Grievance Debate: COVID-19 and Green New Deal
Mr HIBBINS (Prahran): I rise to join this grievance debate to grieve for all those Victorians who have become unemployed, who have lost work or who have had reduced hours who are now facing both financial and housing insecurity brought on by the COVID economic crisis. It is an understatement to say that 2020 has been a difficult year, but getting through this pandemic is only the first step. We now have a massive opportunity to recover, to rebuild and to build back better than ever before, and we know that the Victorian government, like governments right around the world, are going to be spending billions of dollars in budgets—in Victoria the upcoming state budget—to get us out of this recession.
The big question is: how is this money going to be spent? Are we going to use this money to solve the big issues—climate, environment, inequality, poverty—or is it going to be business as usual? That is why the Greens have put forward our plan for a Green New Deal for Victoria. It is our economic recovery plan for Victoria. At the heart of our Green New Deal for Victoria, it is about creating jobs, it is about protecting our environment and it is about looking after people most in need.

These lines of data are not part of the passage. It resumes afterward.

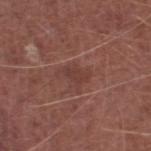Findings:
• biopsy status · imaged on a skin check; not biopsied
• image-analysis metrics · an automated nevus-likeness rating near 0 out of 100 and lesion-presence confidence of about 100/100
• tile lighting · white-light illumination
• subject · male, in their mid-70s
• image source · 15 mm crop, total-body photography
• body site · the right lower leg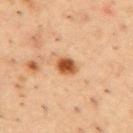- biopsy status — total-body-photography surveillance lesion; no biopsy
- tile lighting — cross-polarized
- lesion diameter — ~2.5 mm (longest diameter)
- patient — male, approximately 55 years of age
- TBP lesion metrics — a footprint of about 4.5 mm²; a mean CIELAB color near L≈54 a*≈26 b*≈40 and roughly 16 lightness units darker than nearby skin; a border-irregularity index near 1.5/10, internal color variation of about 5.5 on a 0–10 scale, and peripheral color asymmetry of about 1.5
- image source — total-body-photography crop, ~15 mm field of view
- body site — the mid back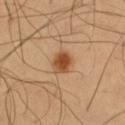This lesion was catalogued during total-body skin photography and was not selected for biopsy. A male patient aged around 55. On the leg. Cropped from a total-body skin-imaging series; the visible field is about 15 mm.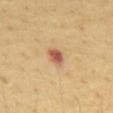Captured during whole-body skin photography for melanoma surveillance; the lesion was not biopsied. On the mid back. This is a cross-polarized tile. The recorded lesion diameter is about 2.5 mm. The subject is a male aged approximately 65. Cropped from a whole-body photographic skin survey; the tile spans about 15 mm.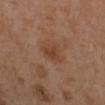{
  "biopsy_status": "not biopsied; imaged during a skin examination",
  "patient": {
    "sex": "female",
    "age_approx": 40
  },
  "image": {
    "source": "total-body photography crop",
    "field_of_view_mm": 15
  },
  "site": "left arm"
}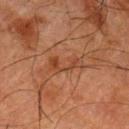* follow-up: catalogued during a skin exam; not biopsied
* anatomic site: the left thigh
* tile lighting: cross-polarized illumination
* subject: male, in their 80s
* image source: 15 mm crop, total-body photography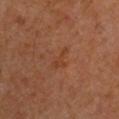Assessment: No biopsy was performed on this lesion — it was imaged during a full skin examination and was not determined to be concerning.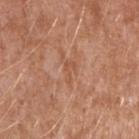Notes:
• follow-up: no biopsy performed (imaged during a skin exam)
• body site: the right upper arm
• image: ~15 mm crop, total-body skin-cancer survey
• automated lesion analysis: a footprint of about 2.5 mm², an outline eccentricity of about 0.9 (0 = round, 1 = elongated), and a symmetry-axis asymmetry near 0.7; a color-variation rating of about 0/10 and a peripheral color-asymmetry measure near 0
• diameter: about 3 mm
• subject: male, in their mid- to late 40s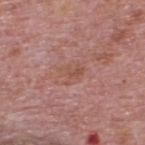Assessment: Captured during whole-body skin photography for melanoma surveillance; the lesion was not biopsied. Clinical summary: Imaged with white-light lighting. The lesion-visualizer software estimated a lesion area of about 5 mm², an eccentricity of roughly 0.6, and a shape-asymmetry score of about 0.35 (0 = symmetric). The analysis additionally found a border-irregularity rating of about 3.5/10. The software also gave an automated nevus-likeness rating near 0 out of 100 and lesion-presence confidence of about 100/100. A male patient in their mid-70s. A 15 mm crop from a total-body photograph taken for skin-cancer surveillance. The lesion is located on the upper back.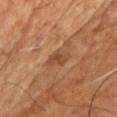Recorded during total-body skin imaging; not selected for excision or biopsy.
A close-up tile cropped from a whole-body skin photograph, about 15 mm across.
From the chest.
The patient is a male aged 53 to 57.
This is a cross-polarized tile.
About 3 mm across.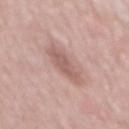Notes:
- workup: catalogued during a skin exam; not biopsied
- tile lighting: white-light
- subject: male, about 50 years old
- image source: ~15 mm crop, total-body skin-cancer survey
- location: the mid back
- automated lesion analysis: a mean CIELAB color near L≈59 a*≈20 b*≈23, roughly 10 lightness units darker than nearby skin, and a normalized lesion–skin contrast near 6.5; a nevus-likeness score of about 0/100 and a lesion-detection confidence of about 100/100
- size: ~6 mm (longest diameter)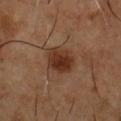Part of a total-body skin-imaging series; this lesion was reviewed on a skin check and was not flagged for biopsy.
Cropped from a whole-body photographic skin survey; the tile spans about 15 mm.
The patient is a male aged 53 to 57.
The tile uses cross-polarized illumination.
Approximately 3.5 mm at its widest.
From the chest.
The lesion-visualizer software estimated border irregularity of about 1.5 on a 0–10 scale, internal color variation of about 4.5 on a 0–10 scale, and radial color variation of about 1.5.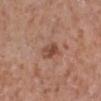  biopsy_status: not biopsied; imaged during a skin examination
  site: right lower leg
  image:
    source: total-body photography crop
    field_of_view_mm: 15
  lighting: white-light
  automated_metrics:
    area_mm2_approx: 4.5
    shape_asymmetry: 0.2
    vs_skin_contrast_norm: 7.5
    nevus_likeness_0_100: 35
    lesion_detection_confidence_0_100: 100
  patient:
    sex: male
    age_approx: 75
  lesion_size:
    long_diameter_mm_approx: 3.0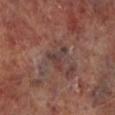Captured during whole-body skin photography for melanoma surveillance; the lesion was not biopsied. This is a cross-polarized tile. The recorded lesion diameter is about 3 mm. A 15 mm crop from a total-body photograph taken for skin-cancer surveillance. On the left lower leg. The subject is a male aged 63 to 67.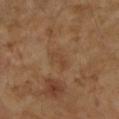Clinical impression:
This lesion was catalogued during total-body skin photography and was not selected for biopsy.
Acquisition and patient details:
A 15 mm close-up extracted from a 3D total-body photography capture. The lesion is on the left forearm. A female patient, aged around 70. Captured under cross-polarized illumination. Longest diameter approximately 2.5 mm.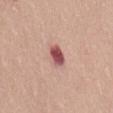Captured during whole-body skin photography for melanoma surveillance; the lesion was not biopsied.
On the lower back.
The patient is a female approximately 50 years of age.
The lesion-visualizer software estimated a border-irregularity index near 1.5/10, a within-lesion color-variation index near 5/10, and a peripheral color-asymmetry measure near 1.5.
Captured under white-light illumination.
A 15 mm close-up tile from a total-body photography series done for melanoma screening.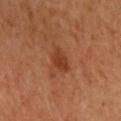Impression: This lesion was catalogued during total-body skin photography and was not selected for biopsy. Acquisition and patient details: A 15 mm close-up extracted from a 3D total-body photography capture. The subject is a male aged approximately 70. Captured under cross-polarized illumination. The lesion is on the back. The recorded lesion diameter is about 3.5 mm.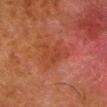Findings:
– follow-up — total-body-photography surveillance lesion; no biopsy
– size — about 4 mm
– lighting — cross-polarized
– patient — male, approximately 80 years of age
– image source — 15 mm crop, total-body photography
– location — the right lower leg

The movement for a Green New Deal is gaining momentum all around the world, including here in Victoria, and those bells that members will have heard ringing recently were actually our Green New Deal motion passing in the other place. The Green New Deal takes its name from the New Deal implemented in the United States by FDR to recover from the Great Depression, and today we are facing yet another global recession—just a decade after the last one, I might add—and it will have generational impacts. This is a generational responsibility that we have—to seize this moment, not to squander it.
What is in a Green New Deal for Victoria? Well, it means a renewables-led recovery, getting us to 100 per cent renewable energy over the next decade.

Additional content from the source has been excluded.